# Problem to work on
In the lines below, find the one that contains "cover by kind: herbaceous" and write it out exactly, along with every line that follows it.

((

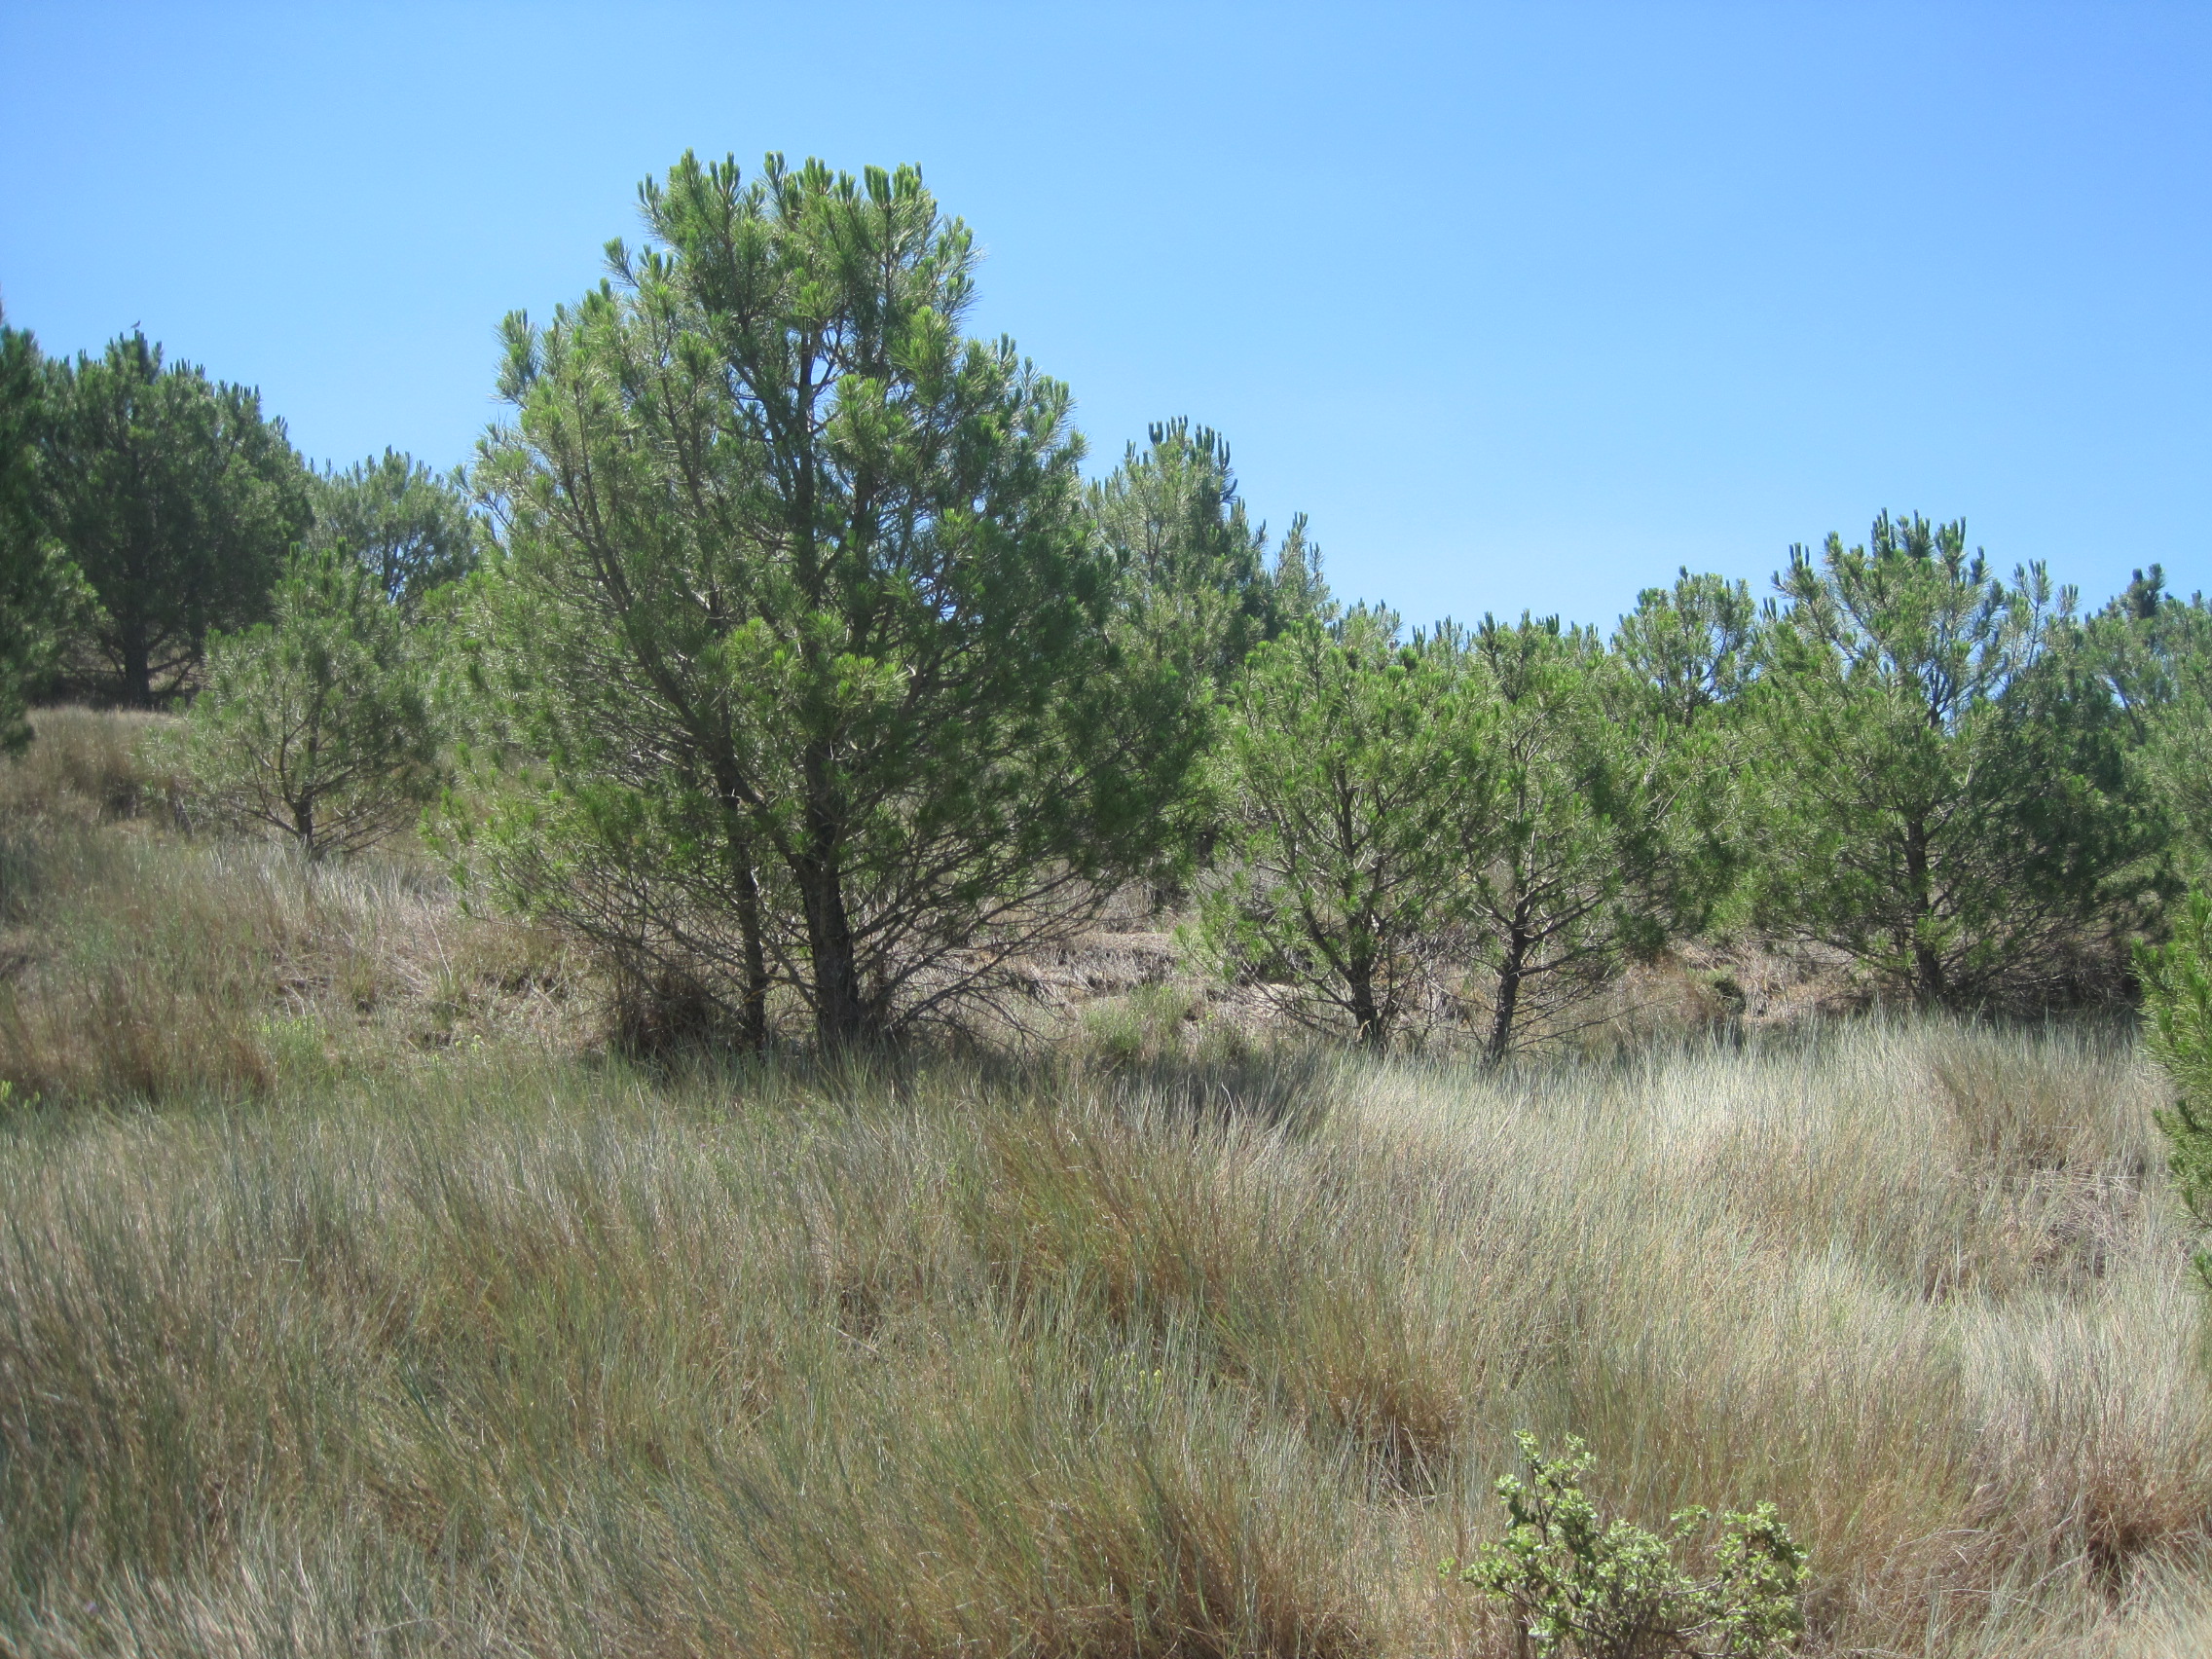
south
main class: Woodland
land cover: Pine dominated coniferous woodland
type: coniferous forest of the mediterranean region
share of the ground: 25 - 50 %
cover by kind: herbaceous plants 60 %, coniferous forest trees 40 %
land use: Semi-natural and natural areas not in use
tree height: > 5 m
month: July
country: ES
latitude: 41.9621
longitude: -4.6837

))

# Solution
cover by kind: herbaceous plants 60 %, coniferous forest trees 40 %
land use: Semi-natural and natural areas not in use
tree height: > 5 m
month: July
country: ES
latitude: 41.9621
longitude: -4.6837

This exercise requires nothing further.